[Stored records]
------------------------------------------------------------------------

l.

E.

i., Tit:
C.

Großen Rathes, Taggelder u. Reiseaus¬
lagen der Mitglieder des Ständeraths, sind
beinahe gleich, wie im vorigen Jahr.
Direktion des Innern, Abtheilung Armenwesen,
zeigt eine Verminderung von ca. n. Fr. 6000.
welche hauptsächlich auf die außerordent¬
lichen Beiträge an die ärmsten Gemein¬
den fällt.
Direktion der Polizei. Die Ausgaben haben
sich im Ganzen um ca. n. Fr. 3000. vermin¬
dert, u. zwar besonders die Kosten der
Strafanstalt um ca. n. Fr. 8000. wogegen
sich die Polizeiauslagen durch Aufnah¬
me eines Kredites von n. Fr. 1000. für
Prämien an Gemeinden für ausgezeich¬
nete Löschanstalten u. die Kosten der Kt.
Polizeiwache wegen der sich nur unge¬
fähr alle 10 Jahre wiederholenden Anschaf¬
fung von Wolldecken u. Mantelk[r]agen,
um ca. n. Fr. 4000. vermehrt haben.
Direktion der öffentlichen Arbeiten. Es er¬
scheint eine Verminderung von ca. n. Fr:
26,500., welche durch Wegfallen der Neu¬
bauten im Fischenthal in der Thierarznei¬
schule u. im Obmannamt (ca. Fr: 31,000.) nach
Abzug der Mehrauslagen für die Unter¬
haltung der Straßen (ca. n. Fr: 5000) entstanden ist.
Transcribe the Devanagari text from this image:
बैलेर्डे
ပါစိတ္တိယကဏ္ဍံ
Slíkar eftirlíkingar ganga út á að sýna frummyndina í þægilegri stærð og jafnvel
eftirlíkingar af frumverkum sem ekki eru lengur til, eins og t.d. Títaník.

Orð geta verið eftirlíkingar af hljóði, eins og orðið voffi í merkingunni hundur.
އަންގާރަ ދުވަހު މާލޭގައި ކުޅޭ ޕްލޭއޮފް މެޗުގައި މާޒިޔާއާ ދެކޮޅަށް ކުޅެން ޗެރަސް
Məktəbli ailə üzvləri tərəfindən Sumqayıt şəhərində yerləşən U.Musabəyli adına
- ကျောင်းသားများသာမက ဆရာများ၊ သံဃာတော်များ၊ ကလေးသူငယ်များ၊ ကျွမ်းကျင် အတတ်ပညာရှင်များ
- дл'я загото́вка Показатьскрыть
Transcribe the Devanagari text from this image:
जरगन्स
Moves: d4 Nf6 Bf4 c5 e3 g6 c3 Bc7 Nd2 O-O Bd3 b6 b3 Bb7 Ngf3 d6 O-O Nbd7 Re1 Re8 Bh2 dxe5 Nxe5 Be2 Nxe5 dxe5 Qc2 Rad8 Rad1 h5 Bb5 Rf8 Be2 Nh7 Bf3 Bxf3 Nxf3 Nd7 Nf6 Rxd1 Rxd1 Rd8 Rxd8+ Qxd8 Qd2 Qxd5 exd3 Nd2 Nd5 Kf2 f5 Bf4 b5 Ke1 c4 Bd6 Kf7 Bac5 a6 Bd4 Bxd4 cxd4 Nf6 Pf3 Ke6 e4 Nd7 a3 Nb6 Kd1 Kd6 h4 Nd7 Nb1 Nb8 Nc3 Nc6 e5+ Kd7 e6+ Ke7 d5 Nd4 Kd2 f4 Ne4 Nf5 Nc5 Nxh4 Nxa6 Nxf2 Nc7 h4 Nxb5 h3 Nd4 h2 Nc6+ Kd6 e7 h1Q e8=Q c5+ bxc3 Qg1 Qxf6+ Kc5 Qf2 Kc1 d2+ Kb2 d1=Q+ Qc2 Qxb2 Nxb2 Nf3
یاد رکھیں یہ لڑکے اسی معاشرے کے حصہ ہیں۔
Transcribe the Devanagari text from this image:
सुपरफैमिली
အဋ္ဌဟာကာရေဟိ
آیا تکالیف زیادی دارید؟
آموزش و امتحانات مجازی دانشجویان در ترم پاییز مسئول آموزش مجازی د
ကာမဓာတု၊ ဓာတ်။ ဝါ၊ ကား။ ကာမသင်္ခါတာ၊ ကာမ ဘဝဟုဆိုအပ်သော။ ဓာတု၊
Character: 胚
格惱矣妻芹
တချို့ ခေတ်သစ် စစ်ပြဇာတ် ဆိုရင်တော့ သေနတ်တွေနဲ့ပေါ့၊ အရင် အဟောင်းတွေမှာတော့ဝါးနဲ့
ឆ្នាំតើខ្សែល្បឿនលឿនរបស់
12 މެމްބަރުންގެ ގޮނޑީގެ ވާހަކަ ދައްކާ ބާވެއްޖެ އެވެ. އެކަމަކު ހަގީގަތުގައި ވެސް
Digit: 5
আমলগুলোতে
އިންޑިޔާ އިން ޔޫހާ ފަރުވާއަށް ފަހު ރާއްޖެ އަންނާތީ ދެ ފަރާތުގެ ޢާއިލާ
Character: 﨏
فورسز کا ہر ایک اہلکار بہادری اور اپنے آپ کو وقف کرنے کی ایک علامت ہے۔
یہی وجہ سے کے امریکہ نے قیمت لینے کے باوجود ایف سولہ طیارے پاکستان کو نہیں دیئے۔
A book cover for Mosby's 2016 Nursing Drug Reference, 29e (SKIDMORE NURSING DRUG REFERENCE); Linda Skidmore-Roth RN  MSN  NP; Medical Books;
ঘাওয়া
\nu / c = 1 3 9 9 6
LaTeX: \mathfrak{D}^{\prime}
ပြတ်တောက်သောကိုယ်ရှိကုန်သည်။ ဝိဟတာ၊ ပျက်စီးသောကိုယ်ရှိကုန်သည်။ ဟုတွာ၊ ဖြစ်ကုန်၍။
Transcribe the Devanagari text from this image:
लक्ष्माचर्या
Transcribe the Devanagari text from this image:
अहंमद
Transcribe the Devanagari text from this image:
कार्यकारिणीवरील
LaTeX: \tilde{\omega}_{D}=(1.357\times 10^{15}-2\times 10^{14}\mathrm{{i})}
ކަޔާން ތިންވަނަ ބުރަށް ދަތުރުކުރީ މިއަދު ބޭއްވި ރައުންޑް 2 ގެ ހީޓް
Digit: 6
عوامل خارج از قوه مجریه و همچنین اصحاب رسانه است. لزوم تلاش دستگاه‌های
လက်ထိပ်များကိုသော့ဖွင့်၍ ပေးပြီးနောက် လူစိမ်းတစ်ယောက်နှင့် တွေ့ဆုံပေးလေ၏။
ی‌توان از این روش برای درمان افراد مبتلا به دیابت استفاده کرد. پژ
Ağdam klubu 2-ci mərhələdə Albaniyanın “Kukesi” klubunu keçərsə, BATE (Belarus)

------------------------------------------------------------------------

Task directions: From the records above, transcribe without alteration every line from the one with "- ကျောင်းသားများသာမက ဆရာများ၊" to the one with "یہی وجہ سے کے", inclusive.

Written answer:
- ကျောင်းသားများသာမက ဆရာများ၊ သံဃာတော်များ၊ ကလေးသူငယ်များ၊ ကျွမ်းကျင် အတတ်ပညာရှင်များ
- дл'я загото́вка Показатьскрыть
Transcribe the Devanagari text from this image:
जरगन्स
Moves: d4 Nf6 Bf4 c5 e3 g6 c3 Bc7 Nd2 O-O Bd3 b6 b3 Bb7 Ngf3 d6 O-O Nbd7 Re1 Re8 Bh2 dxe5 Nxe5 Be2 Nxe5 dxe5 Qc2 Rad8 Rad1 h5 Bb5 Rf8 Be2 Nh7 Bf3 Bxf3 Nxf3 Nd7 Nf6 Rxd1 Rxd1 Rd8 Rxd8+ Qxd8 Qd2 Qxd5 exd3 Nd2 Nd5 Kf2 f5 Bf4 b5 Ke1 c4 Bd6 Kf7 Bac5 a6 Bd4 Bxd4 cxd4 Nf6 Pf3 Ke6 e4 Nd7 a3 Nb6 Kd1 Kd6 h4 Nd7 Nb1 Nb8 Nc3 Nc6 e5+ Kd7 e6+ Ke7 d5 Nd4 Kd2 f4 Ne4 Nf5 Nc5 Nxh4 Nxa6 Nxf2 Nc7 h4 Nxb5 h3 Nd4 h2 Nc6+ Kd6 e7 h1Q e8=Q c5+ bxc3 Qg1 Qxf6+ Kc5 Qf2 Kc1 d2+ Kb2 d1=Q+ Qc2 Qxb2 Nxb2 Nf3
یاد رکھیں یہ لڑکے اسی معاشرے کے حصہ ہیں۔
Transcribe the Devanagari text from this image:
सुपरफैमिली
အဋ္ဌဟာကာရေဟိ
آیا تکالیف زیادی دارید؟
آموزش و امتحانات مجازی دانشجویان در ترم پاییز مسئول آموزش مجازی د
ကာမဓာတု၊ ဓာတ်။ ဝါ၊ ကား။ ကာမသင်္ခါတာ၊ ကာမ ဘဝဟုဆိုအပ်သော။ ဓာတု၊
Character: 胚
格惱矣妻芹
တချို့ ခေတ်သစ် စစ်ပြဇာတ် ဆိုရင်တော့ သေနတ်တွေနဲ့ပေါ့၊ အရင် အဟောင်းတွေမှာတော့ဝါးနဲ့
ឆ្នាំតើខ្សែល្បឿនលឿនរបស់
12 މެމްބަރުންގެ ގޮނޑީގެ ވާހަކަ ދައްކާ ބާވެއްޖެ އެވެ. އެކަމަކު ހަގީގަތުގައި ވެސް
Digit: 5
আমলগুলোতে
އިންޑިޔާ އިން ޔޫހާ ފަރުވާއަށް ފަހު ރާއްޖެ އަންނާތީ ދެ ފަރާތުގެ ޢާއިލާ
Character: 﨏
فورسز کا ہر ایک اہلکار بہادری اور اپنے آپ کو وقف کرنے کی ایک علامت ہے۔
یہی وجہ سے کے امریکہ نے قیمت لینے کے باوجود ایف سولہ طیارے پاکستان کو نہیں دیئے۔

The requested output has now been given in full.